Now, we split again but into training and testing samples

In [27]:
X_train, X_test, y_train, y_test = train_test_split(x,y,test_size=0.3,
                                                    random_state=0,
                                                    stratify=y)

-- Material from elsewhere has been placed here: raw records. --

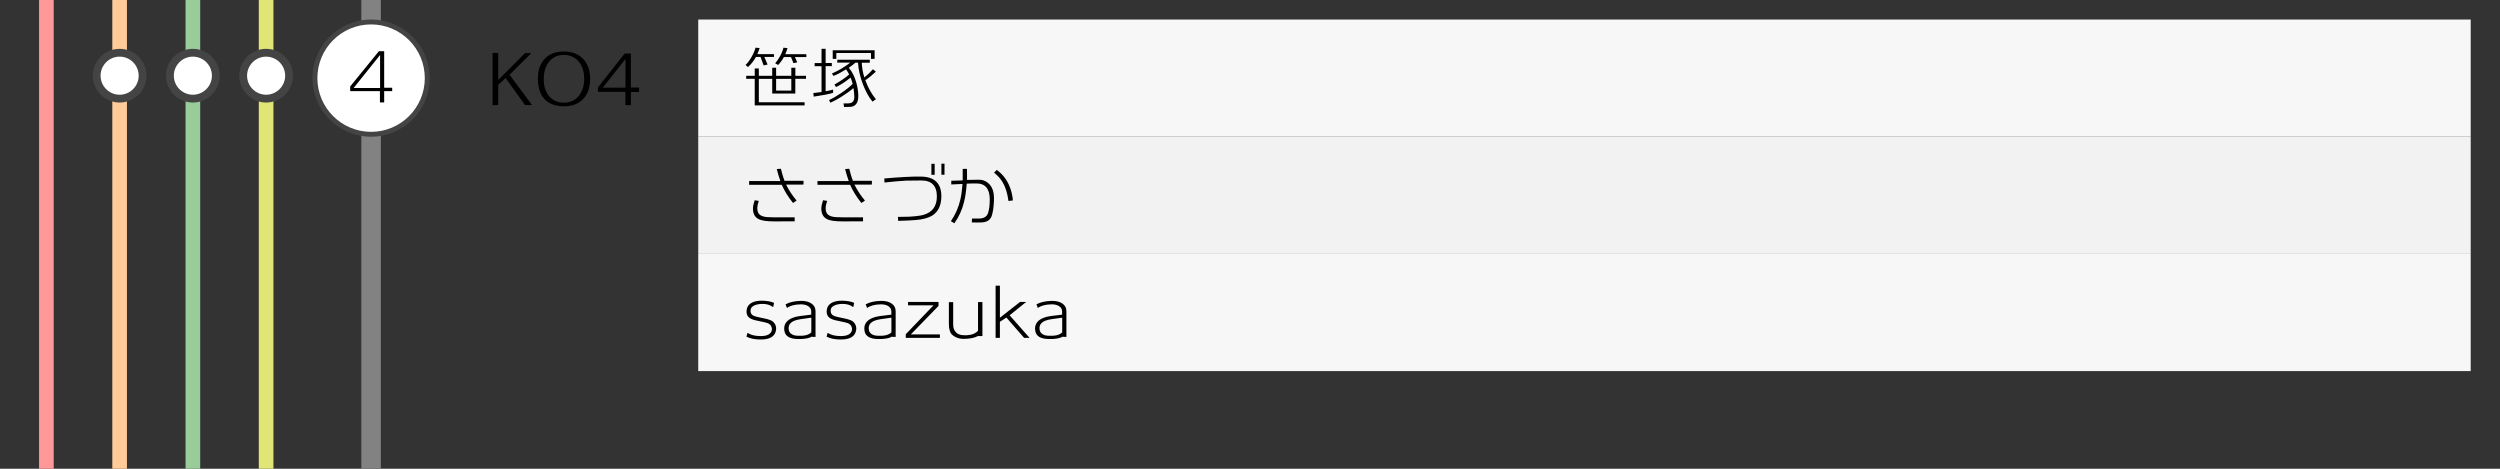 <?xml version="1.0" encoding="utf-8"?>
<!-- Generator: Adobe Illustrator 23.1.0, SVG Export Plug-In . SVG Version: 6.00 Build 0)  -->
<svg version="1.1" id="レイヤー_1" xmlns="http://www.w3.org/2000/svg" xmlns:xlink="http://www.w3.org/1999/xlink" x="0px"
	 y="0px" viewBox="0 0 512 96" style="enable-background:new 0 0 512 96;" xml:space="preserve">
<rect x="0" y="0" width="512" height="96" fill="#333333" stroke="none"/>
<style type="text/css">
	.st0{fill:#828282;}
	.st1{fill:#FFFFFF;}
	.st2{fill:#444444;}
	.st3{fill:#F7F7F7;}
	.st4{fill:#F2F2F2;}
	.st5{fill:#E0E576;}
	.st6{fill:#99CC99;}
	.st7{fill:#FFCC99;}
	.st8{fill:#FF9999;}
</style>
<g>
	<rect x="74" y="0" class="st0" width="4" height="96"/>
</g>
<g>
	<circle class="st1" cx="76" cy="16" r="11.5"/>
	<path class="st2" d="M76,5c6.07,0,11,4.93,11,11s-4.93,11-11,11s-11-4.93-11-11S69.93,5,76,5 M76,4c-6.63,0-12,5.37-12,12
		c0,6.63,5.37,12,12,12s12-5.37,12-12C88,9.37,82.63,4,76,4L76,4z"/>
</g>
<rect x="143" y="4" class="st3" width="363" height="24"/>
<rect x="143" y="28" class="st4" width="363" height="24"/>
<rect x="143" y="52" class="st3" width="363" height="24"/>
<g>
	<path d="M156.54,11.67l0.66,1.55l-0.81,0.18l-0.63-1.74h-0.94c-0.48,0.85-1.02,1.54-1.64,2.07l-0.49-0.43
		c0.42-0.39,0.83-0.94,1.23-1.64c0.4-0.7,0.67-1.33,0.81-1.9l0.84,0.08c-0.11,0.37-0.27,0.79-0.46,1.25h3.4v0.57H156.54z
		 M162.88,16.15v3.01h-4.73v-3.01h-2.74v4.8h9.37v0.64h-10.21v-5.45h-1.75v-0.62h1.75v-1.5h0.84v1.5h2.74v-1.65h0.8v1.65h3.11v-1.65
		h0.83v1.65h2.18v0.62H162.88z M162.8,11.69l0.48,1.08l-0.78,0.17L162,11.69h-1.46c-0.35,0.63-0.75,1.18-1.18,1.62l-0.6-0.35
		c0.39-0.47,0.72-0.94,0.98-1.43c0.35-0.63,0.58-1.22,0.71-1.76l0.84,0.08c-0.11,0.37-0.27,0.79-0.46,1.25h4.31v0.59H162.8z
		 M162.06,16.15h-3.11v2.41h3.11V16.15z"/>
	<path d="M170.61,19.01c-0.39,0.13-0.93,0.26-1.62,0.39c-0.45,0.08-1.23,0.21-2.34,0.39l-0.08-0.73c0.49-0.05,1.05-0.12,1.68-0.22
		v-5.29h-1.41v-0.64h1.41V9.99h0.84v2.91h1.27v0.64h-1.27v5.14c0.5-0.08,1.01-0.19,1.53-0.32V19.01z M171.49,12.23h6.64v0.62h-1.64
		c0.04,0.98,0.21,1.98,0.53,3.01c0.74-0.61,1.33-1.17,1.76-1.68l0.6,0.49c-0.66,0.64-1.38,1.23-2.16,1.76
		c0.59,1.58,1.31,2.88,2.17,3.89l-0.69,0.5c-0.72-0.84-1.36-1.99-1.93-3.44c-0.61-1.57-0.96-3.08-1.05-4.54h-0.53
		c-0.35,0.31-0.8,0.65-1.36,1.04c0.69,0.78,1.21,1.83,1.57,3.14c0.25,0.96,0.38,1.84,0.38,2.63c0,1.41-0.55,2.16-1.65,2.24
		c-0.21,0.02-0.63,0.02-1.27,0.01l-0.11-0.73c0.49,0.01,0.83,0.01,1.01,0c0.84-0.02,1.24-0.49,1.2-1.43
		c-0.02-0.51-0.07-1.08-0.17-1.71c-0.65,0.57-1.46,1.16-2.42,1.76c-0.91,0.57-1.67,0.98-2.3,1.25l-0.28-0.55
		c0.67-0.3,1.5-0.77,2.48-1.43c1.06-0.72,1.85-1.34,2.35-1.88c-0.1-0.41-0.24-0.84-0.42-1.29c-0.99,0.81-1.98,1.46-2.98,1.95
		l-0.32-0.53c1.19-0.66,2.2-1.35,3.01-2.06c-0.19-0.37-0.4-0.72-0.63-1.04c-1.03,0.63-1.89,1.08-2.59,1.34l-0.31-0.5
		c1.38-0.6,2.63-1.34,3.75-2.23h-2.66L171.49,12.23z M170.54,12.05v-1.76h8.58v1.76h-0.74v-1.2h-7.1v1.2H170.54z"/>
</g>
<g>
	<path d="M155.81,69.53c-1.25,0-2.23-0.2-2.94-0.59l0.21-0.74h0.07c0.61,0.4,1.45,0.61,2.52,0.63c1.45,0.02,2.25-0.4,2.41-1.26
		c0.04-0.22,0-0.46-0.11-0.71c-0.15-0.32-0.4-0.54-0.74-0.67c-0.21-0.09-0.59-0.19-1.13-0.29c-0.92-0.19-1.44-0.3-1.55-0.34
		c-0.65-0.18-1.1-0.42-1.34-0.73c-0.21-0.27-0.32-0.63-0.32-1.06c0-0.11,0.01-0.22,0.03-0.34c0.08-0.64,0.45-1.13,1.09-1.46
		c0.55-0.27,1.25-0.4,2.1-0.39c1.01,0.02,1.81,0.17,2.42,0.45l-0.18,0.84h-0.06c-0.59-0.44-1.34-0.65-2.25-0.63
		c-0.6,0.02-1.1,0.12-1.5,0.29c-0.53,0.22-0.81,0.56-0.83,1.01c-0.03,0.63,0.26,1.03,0.85,1.22c0.3,0.1,0.83,0.23,1.61,0.38
		c0.69,0.13,1.22,0.27,1.6,0.42c0.46,0.19,0.79,0.49,0.99,0.9c0.17,0.35,0.23,0.71,0.18,1.09
		C158.77,68.87,157.72,69.53,155.81,69.53z"/>
	<path d="M166.21,68.96c-0.36,0.24-1,0.4-1.92,0.46c-0.1,0.01-0.41,0.01-0.92,0.01c-1.66-0.03-2.57-0.59-2.73-1.69
		c-0.03-0.16-0.04-0.31-0.04-0.45c0-1.03,0.6-1.77,1.81-2.23c0.38-0.15,0.88-0.27,1.5-0.35c0.51-0.06,1.02-0.12,1.53-0.18
		c0.06-0.01,0.3-0.04,0.7-0.1v-0.64c0-0.48-0.22-0.85-0.67-1.12c-0.41-0.24-0.92-0.35-1.53-0.34c-1.22,0.03-2.14,0.28-2.76,0.74
		h-0.01l-0.29-0.74c0.8-0.44,1.83-0.68,3.09-0.71c0.92-0.02,1.66,0.16,2.22,0.54s0.83,0.91,0.83,1.59V69
		C166.55,69,166.29,68.98,166.21,68.96z M166.16,65.06c-0.45,0.07-0.75,0.11-0.9,0.13c-0.44,0.06-0.87,0.12-1.3,0.18
		c-0.51,0.08-0.93,0.18-1.26,0.31c-0.79,0.33-1.19,0.83-1.19,1.51c0,0.11,0.01,0.23,0.03,0.35c0.06,0.41,0.28,0.72,0.67,0.94
		c0.29,0.17,0.64,0.26,1.05,0.28c1.42,0.08,2.38-0.15,2.9-0.7V65.06z"/>
	<path d="M172.22,69.53c-1.25,0-2.23-0.2-2.94-0.59l0.21-0.74h0.07c0.61,0.4,1.45,0.61,2.52,0.63c1.45,0.02,2.25-0.4,2.41-1.26
		c0.04-0.22,0-0.46-0.11-0.71c-0.15-0.32-0.4-0.54-0.74-0.67c-0.21-0.09-0.59-0.19-1.13-0.29c-0.92-0.19-1.44-0.3-1.55-0.34
		c-0.65-0.18-1.1-0.42-1.34-0.73c-0.21-0.27-0.32-0.63-0.32-1.06c0-0.11,0.01-0.22,0.03-0.34c0.08-0.64,0.45-1.13,1.09-1.46
		c0.55-0.27,1.25-0.4,2.1-0.39c1.01,0.02,1.81,0.17,2.42,0.45l-0.18,0.84h-0.06c-0.59-0.44-1.34-0.65-2.25-0.63
		c-0.6,0.02-1.1,0.12-1.5,0.29c-0.53,0.22-0.81,0.56-0.83,1.01c-0.03,0.63,0.26,1.03,0.85,1.22c0.3,0.1,0.83,0.23,1.61,0.38
		c0.69,0.13,1.22,0.27,1.6,0.42c0.46,0.19,0.79,0.49,0.99,0.9c0.17,0.35,0.23,0.71,0.18,1.09
		C175.17,68.87,174.13,69.53,172.22,69.53z"/>
	<path d="M182.62,68.96c-0.36,0.24-1,0.4-1.92,0.46c-0.1,0.01-0.41,0.01-0.92,0.01c-1.66-0.03-2.57-0.59-2.73-1.69
		c-0.03-0.16-0.04-0.31-0.04-0.45c0-1.03,0.6-1.77,1.81-2.23c0.38-0.15,0.88-0.27,1.5-0.35c0.51-0.06,1.02-0.12,1.53-0.18
		c0.06-0.01,0.3-0.04,0.7-0.1v-0.64c0-0.48-0.22-0.85-0.67-1.12c-0.41-0.24-0.92-0.35-1.53-0.34c-1.22,0.03-2.14,0.28-2.76,0.74
		h-0.01l-0.29-0.74c0.8-0.44,1.83-0.68,3.09-0.71c0.92-0.02,1.66,0.16,2.22,0.54s0.83,0.91,0.83,1.59V69
		C182.96,69,182.7,68.98,182.62,68.96z M182.56,65.06c-0.45,0.07-0.75,0.11-0.9,0.13c-0.44,0.06-0.87,0.12-1.3,0.18
		c-0.51,0.08-0.93,0.18-1.26,0.31c-0.79,0.33-1.19,0.83-1.19,1.51c0,0.11,0.01,0.23,0.03,0.35c0.06,0.41,0.28,0.72,0.67,0.94
		c0.29,0.17,0.64,0.26,1.05,0.28c1.42,0.08,2.38-0.15,2.9-0.7V65.06z"/>
	<path d="M185.5,69.19v-0.74l5.68-5.92h-5.21v-0.69h6.24v0.81l-5.68,5.84h5.96v0.7H185.5z"/>
	<path d="M200.25,68.84c-0.71,0.37-1.68,0.56-2.9,0.56c-0.98,0-1.79-0.31-2.42-0.92c-0.4-0.4-0.6-1.12-0.6-2.16v-4.44h0.88v4.56
		c0,0.7,0.19,1.24,0.58,1.63c0.39,0.39,0.92,0.58,1.6,0.58c0.06,0,0.15,0,0.29,0.01c0.12,0.01,0.21,0.01,0.27,0
		c1.04-0.04,1.82-0.35,2.35-0.92v-5.87h0.9v6.96H200.25z"/>
	<path d="M210.17,61.83l-3.4,2.74l4.09,4.63h-1.12l-3.63-4.17l-1.33,0.87v3.3h-0.88V58.5h0.88v6.57l4.12-3.23H210.17z"/>
	<path d="M217.59,68.96c-0.36,0.24-1,0.4-1.92,0.46c-0.1,0.01-0.41,0.01-0.92,0.01c-1.66-0.03-2.57-0.59-2.73-1.69
		c-0.03-0.16-0.04-0.31-0.04-0.45c0-1.03,0.6-1.77,1.81-2.23c0.38-0.15,0.88-0.27,1.5-0.35c0.51-0.06,1.02-0.12,1.53-0.18
		c0.06-0.01,0.3-0.04,0.7-0.1v-0.64c0-0.48-0.22-0.85-0.67-1.12c-0.41-0.24-0.92-0.35-1.53-0.34c-1.22,0.03-2.14,0.28-2.76,0.74
		h-0.01l-0.29-0.74c0.8-0.44,1.83-0.68,3.09-0.71c0.92-0.02,1.66,0.16,2.22,0.54s0.83,0.91,0.83,1.59V69
		C217.93,69,217.67,68.98,217.59,68.96z M217.54,65.06c-0.45,0.07-0.75,0.11-0.9,0.13c-0.44,0.06-0.87,0.12-1.3,0.18
		c-0.51,0.08-0.93,0.18-1.26,0.31c-0.79,0.33-1.19,0.83-1.19,1.51c0,0.11,0.01,0.23,0.03,0.35c0.06,0.41,0.28,0.72,0.67,0.94
		c0.29,0.17,0.64,0.26,1.05,0.28c1.42,0.08,2.38-0.15,2.9-0.7V65.06z"/>
</g>
<g>
	<path d="M160.98,37.79c0.57,1.15,1.29,2.24,2.16,3.29l-0.73,0.49c-1.02-1.27-1.78-2.51-2.3-3.72h-6.69v-0.77h6.4
		c-0.3-0.86-0.55-1.68-0.74-2.46l0.85-0.06c0.13,0.53,0.23,0.92,0.31,1.18c0.11,0.4,0.26,0.83,0.43,1.29h3.89v0.77H160.98z
		 M162.75,45.33l-4.16,0.01c-1.49,0-2.53-0.14-3.11-0.41c-0.88-0.4-1.3-1.17-1.27-2.31c0.01-0.41,0.13-0.95,0.35-1.61l0.84,0.13
		c-0.2,0.6-0.3,1.07-0.31,1.43c-0.02,0.75,0.22,1.26,0.71,1.54c0.34,0.2,0.8,0.32,1.39,0.36c0.14,0.02,0.62,0.03,1.44,0.04
		c0.63,0.02,2.01,0.02,4.12,0V45.33z"/>
	<path d="M174.98,37.79c0.57,1.15,1.29,2.24,2.16,3.29l-0.73,0.49c-1.02-1.27-1.78-2.51-2.3-3.72h-6.69v-0.77h6.4
		c-0.3-0.86-0.55-1.68-0.74-2.46l0.85-0.06c0.13,0.53,0.23,0.92,0.31,1.18c0.11,0.4,0.26,0.83,0.43,1.29h3.89v0.77H174.98z
		 M176.75,45.33l-4.16,0.01c-1.49,0-2.53-0.14-3.11-0.41c-0.88-0.4-1.3-1.17-1.27-2.31c0.01-0.41,0.13-0.95,0.35-1.61l0.84,0.13
		c-0.2,0.6-0.3,1.07-0.31,1.43c-0.02,0.75,0.22,1.26,0.71,1.54c0.34,0.2,0.8,0.32,1.39,0.36c0.14,0.02,0.62,0.03,1.44,0.04
		c0.63,0.02,2.01,0.02,4.12,0V45.33z"/>
	<path d="M192.79,40.27c-0.03,1.85-0.67,3.15-1.92,3.91c-0.78,0.47-1.89,0.76-3.32,0.88c-0.93,0.08-2.14,0.14-3.61,0.17l-0.04-0.81
		c0.5,0,1.25-0.01,2.24-0.04c1.4-0.08,2.38-0.21,2.93-0.36c1.87-0.52,2.8-1.78,2.8-3.78c0-2.25-1.12-3.34-3.35-3.28
		c-0.67,0-1.63,0.01-2.87,0.03c-1.34,0.07-2.85,0.2-4.51,0.39l-0.03-0.83c3.17-0.28,5.64-0.41,7.39-0.39
		C191.39,36.17,192.81,37.54,192.79,40.27z M190.75,35.8v-2.25h0.67v2.25H190.75z M192.8,35.79v-2.27h0.64l-0.01,2.27H192.8z"/>
	<path d="M203.1,44.23c-0.3,0.83-0.98,1.27-2.03,1.32c-0.86,0.03-1.54,0.03-2.04,0l0.03-0.8c0.03,0,0.48,0,1.34,0.01
		c1.05,0.01,1.71-0.37,1.96-1.15c0.22-0.69,0.34-1.6,0.34-2.74c0-2.17-0.89-3.28-2.66-3.3c-0.4-0.01-1.09,0-2.06,0.04
		c-0.1,1.48-0.29,2.75-0.56,3.82c-0.39,1.57-1.05,3-1.97,4.3l-0.71-0.43c0.92-1.33,1.58-2.83,1.96-4.51c0.2-0.9,0.34-1.93,0.42-3.11
		c-0.68,0.03-1.45,0.06-2.3,0.1v-0.76l2.34-0.07v-2.37h0.88l0.01,2.27l2.34-0.04c0.69-0.02,1.3,0.16,1.82,0.55
		c0.52,0.38,0.89,0.9,1.11,1.55c0.2,0.58,0.28,1.32,0.24,2.23C203.5,42.47,203.35,43.5,203.1,44.23z M206.53,41.16
		c-0.2-1.55-0.59-2.83-1.19-3.84c-0.4-0.69-0.99-1.35-1.76-1.97l0.57-0.56c1.09,0.82,1.89,1.79,2.41,2.91
		c0.5,1.08,0.8,2.2,0.88,3.35L206.53,41.16z"/>
</g>
<g>
	<path d="M108.96,21.52h-1.43l-3.98-5.54l-1.51,1.39l-0.01,4.16h-1.15V10.84h1.15l0.01,5.53l5.49-5.5h1.2v0.1l-4.38,4.33
		L108.96,21.52z"/>
	<path d="M115.46,21.77c-1.82-0.02-3.18-0.56-4.07-1.61c-0.82-0.96-1.23-2.3-1.23-4c0-1.65,0.42-2.97,1.26-3.96
		c0.93-1.1,2.28-1.65,4.05-1.65c1.76,0,3.12,0.55,4.07,1.64c0.88,1,1.32,2.32,1.32,3.98c0,1.63-0.43,2.95-1.3,3.96
		C118.58,21.24,117.22,21.79,115.46,21.77z M115.46,11.25c-1.24,0-2.23,0.45-2.97,1.34c-0.74,0.89-1.12,2.08-1.13,3.58
		c-0.02,1.46,0.35,2.63,1.1,3.52c0.75,0.89,1.75,1.34,3,1.34c1.25,0,2.26-0.45,3.02-1.34c0.77-0.89,1.15-2.06,1.16-3.52
		c0.01-1.49-0.37-2.69-1.14-3.58C117.73,11.69,116.72,11.25,115.46,11.25z"/>
	<path d="M129.21,18.83v2.7h-1.12v-2.73h-5.63V17.9l5.47-6.94h1.27v6.96h1.68v0.92H129.21z M128.1,12.07l-4.66,5.89h4.66V12.07z"/>
</g>
<g>
	<path d="M78.68,18.67v2.31l-0.87-0.01v-2.31h-6.09V17.7l5.88-7.22l1.08,0.01v7.48h1.64v0.7H78.68z M77.84,11.26l-5.42,6.76h5.42
		V11.26z"/>
</g>
<g>
	<rect x="53" y="0" class="st5" width="3" height="96"/>
</g>
<g>
	<circle class="st1" cx="54.5" cy="15.5" r="4.7"/>
	<path class="st2" d="M54.5,11.6c2.15,0,3.9,1.75,3.9,3.9s-1.75,3.9-3.9,3.9s-3.9-1.75-3.9-3.9S52.35,11.6,54.5,11.6 M54.5,10
		c-3.04,0-5.5,2.46-5.5,5.5s2.46,5.5,5.5,5.5s5.5-2.46,5.5-5.5S57.54,10,54.5,10L54.5,10z"/>
</g>
<g>
	<rect x="38" y="0" class="st6" width="3" height="96"/>
</g>
<g>
	<circle class="st1" cx="39.5" cy="15.5" r="4.7"/>
	<path class="st2" d="M39.5,11.6c2.15,0,3.9,1.75,3.9,3.9s-1.75,3.9-3.9,3.9s-3.9-1.75-3.9-3.9S37.35,11.6,39.5,11.6 M39.5,10
		c-3.04,0-5.5,2.46-5.5,5.5s2.46,5.5,5.5,5.5c3.04,0,5.5-2.46,5.5-5.5S42.54,10,39.5,10L39.5,10z"/>
</g>
<g>
	<rect x="23" class="st7" width="3" height="96"/>
</g>
<g>
	<path class="st1" d="M24.5,20.2c-2.59,0-4.7-2.11-4.7-4.7s2.11-4.7,4.7-4.7c2.59,0,4.7,2.11,4.7,4.7S27.09,20.2,24.5,20.2z"/>
	<path class="st2" d="M24.5,11.6c2.15,0,3.9,1.75,3.9,3.9s-1.75,3.9-3.9,3.9c-2.15,0-3.9-1.75-3.9-3.9S22.35,11.6,24.5,11.6
		 M24.5,10c-3.04,0-5.5,2.46-5.5,5.5s2.46,5.5,5.5,5.5c3.04,0,5.5-2.46,5.5-5.5S27.54,10,24.5,10L24.5,10z"/>
</g>
<g>
	<rect x="8" y="0" class="st8" width="3" height="96"/>
</g>
<g>
</g>
<g>
</g>
<g>
</g>
<g>
</g>
<g>
</g>
<g>
</g>
<g>
</g>
<g>
</g>
<g>
</g>
<g>
</g>
<g>
</g>
<g>
</g>
<g>
</g>
<g>
</g>
<g>
</g>
</svg>

This is for calling the decision tree classifier, just to see how it performs out of the box

In [28]:
clf = DecisionTreeClassifier()

In [29]:
clf.fit(X_train,y_train)

DecisionTreeClassifier(class_weight=None, criterion='gini', max_depth=None,
            max_features=None, max_leaf_nodes=None,
            min_impurity_decrease=0.0, min_impurity_split=None,
            min_samples_leaf=1, min_samples_split=2,
            min_weight_fraction_leaf=0.0, presort=False, random_state=None,
            splitter='best')

The accuracy on the test samples is around 96%

In [30]:
print("Acc: ", clf.score(X_test,y_test))

Acc:  0.9777777777777777


Let's see if we can do better if we use emsemble models and hyperparameter tuning

In [31]:
pipelines = {
    'dt' : make_pipeline(DecisionTreeClassifier(random_state=0)),
    'rf' : make_pipeline(RandomForestClassifier(random_state=0)),
    'gb' : make_pipeline(GradientBoostingClassifier(random_state=0)),
    'svc': make_pipeline(SVC(random_state=0))
 }

In [32]:
dt_hyperparameters = {
    'decisiontreeclassifier__criterion' : ['gini','entropy']
}

In [33]:
rf_hyperparameters = {
    'randomforestclassifier__n_estimators' : [1,2,5,10,20,50,100,200],
    'randomforestclassifier__max_features' : ['auto','sqrt',0.33]
}

In [34]:
gb_hyperparameters = {
    'gradientboostingclassifier__n_estimators' : [1,2,5,10,20,50,100,200],
    'gradientboostingclassifier__learning_rate' : [0.05,0.1,0.2],
    'gradientboostingclassifier__max_depth' : [1,3,5]
}

In [35]:
svc_hyperparameters = {
    'svc__kernel' : ['rbf','poly','sigmoid']
}

In [36]:
hyperparameters = {
    'dt' : dt_hyperparameters,
    'rf' : rf_hyperparameters,
    'gb' : gb_hyperparameters,
    'svc': svc_hyperparameters 
}

In [37]:
fitted_models = {}
for name,pipeline in pipelines.items():
    model = GridSearchCV(pipeline,hyperparameters[name],cv=10)
    model.fit(X_train,y_train)
    fitted_models[name] = model
    print(name,"ok")

dt ok
rf ok
gb ok
svc ok


Cross-validated score for the best models

In [38]:
for name,model in fitted_models.items():
    print(name,model.best_score_)

dt 0.9333333333333333
rf 0.9428571428571428
gb 0.9619047619047619
svc 0.9428571428571428


best parameters found by gridsearch

In [39]:
fitted_models['dt'].best_params_

{'decisiontreeclassifier__criterion': 'gini'}

In [40]:
fitted_models['rf'].best_params_

{'randomforestclassifier__max_features': 'auto',
 'randomforestclassifier__n_estimators': 2}

In [41]:
fitted_models['gb'].best_params_

{'gradientboostingclassifier__learning_rate': 0.05,
 'gradientboostingclassifier__max_depth': 1,
 'gradientboostingclassifier__n_estimators': 1}

In [42]:
fitted_models['svc'].best_params_

{'svc__kernel': 'poly'}

Score of the models when predicting

In [43]:
for name,model in fitted_models.items():
    print(name,model.score(X_test,y_test))

dt 0.9777777777777777
rf 0.9333333333333333
gb 0.9555555555555556
svc 1.0


Predictions using support vector classifier

In [44]:
pred = fitted_models['svc'].predict(X_test)
np.column_stack((pred,y_test))

array([['virginica', 'virginica'],
       ['virginica', 'virginica'],
       ['setosa', 'setosa'],
       ['setosa', 'setosa'],
       ['versicolor', 'versicolor'],
       ['setosa', 'setosa'],
       ['versicolor', 'versicolor'],
       ['virginica', 'virginica'],
       ['setosa', 'setosa'],
       ['versicolor', 'versicolor'],
       ['setosa', 'setosa'],
       ['virginica', 'virginica'],
       ['setosa', 'setosa'],
       ['virginica', 'virginica'],
       ['versicolor', 'versicolor'],
       ['virginica', 'virginica'],
       ['versicolor', 'versicolor'],
       ['versicolor', 'versicolor'],
       ['versicolor', 'versicolor'],
       ['setosa', 'setosa'],
       ['versicolor', 'versicolor'],
       ['virginica', 'virginica'],
       ['setosa', 'setosa'],
       ['versicolor', 'versicolor'],
       ['virginica', 'virginica'],
       ['virginica', 'virginica'],
       ['virginica', 'virginica'],
       ['virginica', 'virginica'],
       ['versicolor', 'versicolor'],
       ['virg

Support Vector Classifier could predict perfectly the species even if at the cross validation stage was not perfect.